Arbeiterstädte wurden 1848 auch von dem Berliner Architektur-Professor Wilhelm Stier entworfen (und übrigens von Friedrich Engels heftig abgelehnt). Wichtiger noch war die Stadtplanung – der Baron Haussmann schlug ab 1853 schnurgerade Schneisen durch Paris und modernisierte die Großstadt. Das Berliner Modell, ersonnen von James Hobrecht, geht da viel vorsichtiger vor, sagt Volker Ziegler.

"Das moderne Berlin ist aber um das Bestehende herum entstanden, das ist wie so eine Zwiebelschale, die sich nochmal an eine bestehende Stadt anheftet, das ist der ganz große Unterschied. Und dann gibt es da die Tatsache, dass die Berliner auf die Erfahrung der Pariser zurückgegriffen haben bei der Planung beispielsweise der Kanalisation."

Nach der französischen Niederlage im Krieg von 1870/1871 wetteiferte man mit nationalen Symbolen – in Paris wurde Sacré Coeur gebaut, in Berlin die Kaiser-Wilhelm-Gedächtniskirche. Politisch fast brisanter ist aber die Anlage der Straßburger Neustadt: nach der Annexion durch Deutschland wurde Straßburg systematisch vergrößert – die deutschen Beamten und Militärs brauchten Unterkunft. Ganze Stadtteile entstanden in herrschaftlichem Stil, die Universität ist von Deutschen gebaut.

Die Ausstellung erzählt zeitweise aber auch ganz Architektur-immanent: der Eiffelturm ist nur das Signet für die neue Konstruktions-Methodik, die große Räume mit Eisenverstrebungen überbrückt. Zum anderen setzt sich auch in Deutschland der Betonbau durch – mit französischen Patenten; ein hübsches Beispiel für die Migration von Ideen.
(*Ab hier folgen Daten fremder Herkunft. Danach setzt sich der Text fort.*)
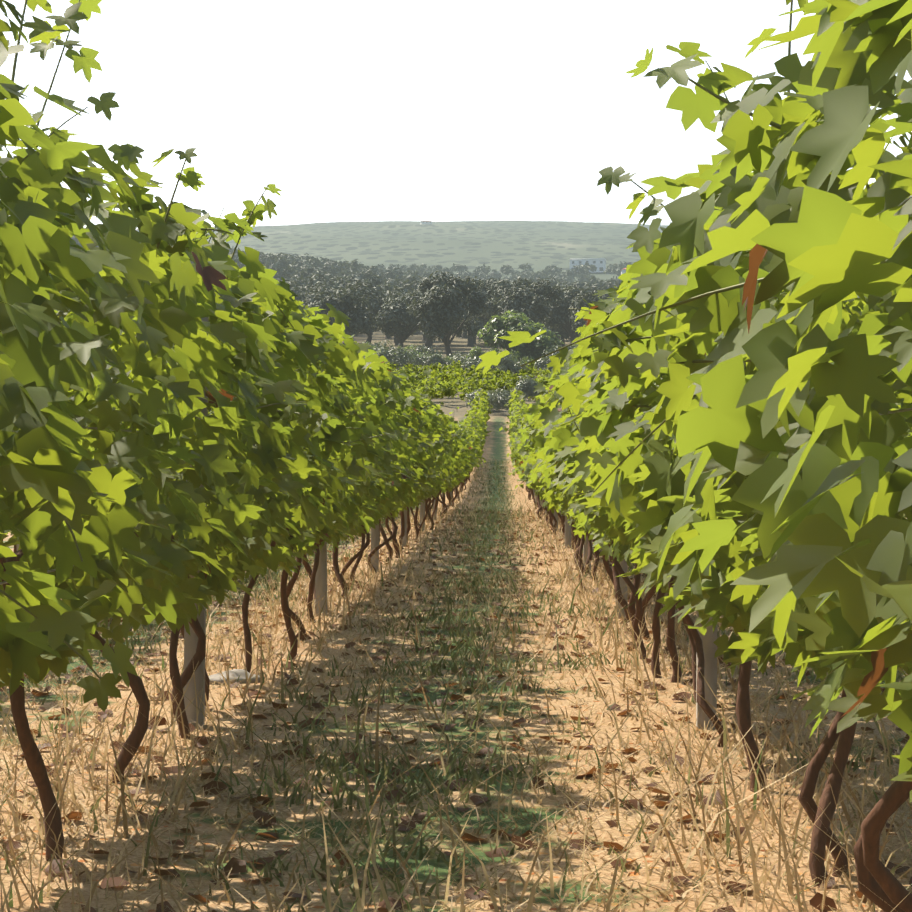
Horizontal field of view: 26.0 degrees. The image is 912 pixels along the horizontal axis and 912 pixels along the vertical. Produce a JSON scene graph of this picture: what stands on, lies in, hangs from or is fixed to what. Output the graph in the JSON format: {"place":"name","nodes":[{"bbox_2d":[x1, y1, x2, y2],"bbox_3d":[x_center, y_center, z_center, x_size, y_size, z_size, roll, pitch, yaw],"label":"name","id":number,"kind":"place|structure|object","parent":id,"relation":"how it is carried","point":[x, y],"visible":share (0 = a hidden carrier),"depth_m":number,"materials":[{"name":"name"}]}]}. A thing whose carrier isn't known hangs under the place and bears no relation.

"Der Stahl-Glas-Bau ist eines der großen Themen ab Mitte des 19.Jahrhunderts, und es ist ja auch in Berlin so, dass das gerade bei der Passagen-Architektur massiv eingesetzt wird, bei den großen Bahnhöfen sowieso, bei Gewächshäusern und so weiter. Es ist natürlich klar, dass der Eiffelturm mit seinen über 300 Metern da nochmal 'nen Punkt draufsetzt."

Der beginnende Massenwohnungs-bzw. Mietskasernen-Bau und die aus England importierten Gartenstädte sind beidseits des Rheins verbreitet. Mit der Gründerzeit bekommt Deutschland dann einen gewissen Vorsprung, weil es industriell einfach rasant wächst. Und das Bauhaus läuft der Pariser École des Beaux Arts in den 1920iger Jahren den Rang ab.

Die Ausstellung spart Albert Speer und Konsorten nicht aus, konzentriert sich nach dem Zweiten Weltkrieg aber dann eher auf französische Planungen etwa im annektierten Saarland: man wollte die Moderne auch in die Provinz bringen. Seit den 1960er-Jahren gibt es weniger Konkurrenz denn parallele Entwicklungen in den beiden Ländern – und viel Austausch, vor allem im Massen-Wohnungsbau. Jean Prouvé baute in Berlin die Freie Universität, Pierre Vago die Universitätsbibliothek Bonn, der Deutsche Martin Schulz van Treeck die Pariser Wohntürme der "Orgues de Flandre". Und mit der Globalisierung verschwinden nun endgültig die nationalen Architekturen – was der Ausstellungs-Kurator Jean-Louis Cohen schon etwas länger beobachtet…

"Es gab im 19. Jahrhundert keine rein deutschen und keine rein französischen Architekturprobleme. Viele Fragen waren gemeinsame Fragen, die manchmal auch gemeinsam betrachtet worden sind."

Dies ist eine intellektuell anspruchsvolle und nebenbei auch sehr übersichtlich inszenierte Ausstellung. Wer sich für die Politik des Bauens interessiert, der sollte nach Straßburg fahren, ins "Musée d’Art Moderne et Contemporain".